Я спрятал листок в складку кушака.
Отец был хмур, молчалив, лицо еще сильнее отекло. Причина этих неприятных изменений была мне хорошо известна: Мехрун-Нисса. Любой счел бы за честь исполнить любую прихоть властителя, но только не эта женщина.
Отец раздраженно дергал себя за бороду, некогда холеную, но теперь утратившую блеск. Даже украшения на нем, казалось, потускнели. Не будь я и сам в мрачном расположении духа, это могло бы позабавить меня. Мы оба страстно любим, и у обоих — неразделенная любовь. Аллах и вправду справедлив, но как жестока его справедливость!
— Чего ты хочешь? — спросил отец, взглянув исподлобья.

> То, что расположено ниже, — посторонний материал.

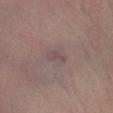The lesion was tiled from a total-body skin photograph and was not biopsied.
A male patient, aged 58 to 62.
Automated image analysis of the tile measured about 6 CIELAB-L* units darker than the surrounding skin and a normalized border contrast of about 5.5. And it measured a color-variation rating of about 1/10 and peripheral color asymmetry of about 0.
Measured at roughly 2.5 mm in maximum diameter.
A 15 mm close-up tile from a total-body photography series done for melanoma screening.
The tile uses white-light illumination.
From the left lower leg.
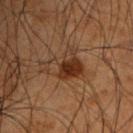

Наверное, он предпочел бы вовсе не смотреть на меня, чтобы не видеть собственного отражения. Я для него — олицетворение несчастной любви, а мой брат Хосров — олицетворение предательства. Отец старательно избегал нас обоих, будто ему невмоготу было встречаться с собственными слабостями.
Хосров… Из-за неуемной жажды власти мой брат собственными руками сделал свою судьбу невыносимый. Демонов вселил в него наш дед Акбар, опрометчиво сделав Хосрова наследником империи. На смертном одре Акбар изменил решение в пользу отца, но Хосров уже был отравлен несбывшимися надеждами.
Я помнил, как бесновался брат, когда отец вступил во власть. С самого первого дня его сжигала неодолимая жажда мести. Подозревая об этом, отец держал Хосрова при дворе, пока тот не сбежал и не поднял восстание. Бунт был подавлен, двоих близких Хосрову заговорщиков по приказу отца подвергли казни. Но Хосров не собирался сдаваться. Он задумал убить отца во время охоты руками наемников. В суматохе дело могло сойти удачно. Быстро ударить кинжалом — за этим последовала бы щедрая награда. Но дворцовые шпионы подслушали разговор брата с верными ему людьми. Это было мне на руку. Я не знал о готовящемся заговоре, но, если бы знал, сам бы донес о нем отцу. В противном случае, сумей Хосров исполнить задуманное, моя жизнь оказалась бы под угрозой. Нам с братом было бы тесно на одной земле.
Но… Хосров не всегда был таким. В детстве мы вместе играли и, рожденные от разных матерей, все же оставались друзьями, до поры до времени нам нечего было делить. Мы вместе осваивали военное искусство, вместе учились фехтованию и верховой езде, вместе читали… Продолжалось это до тех пор, пока не встал вопрос о выборе наследника.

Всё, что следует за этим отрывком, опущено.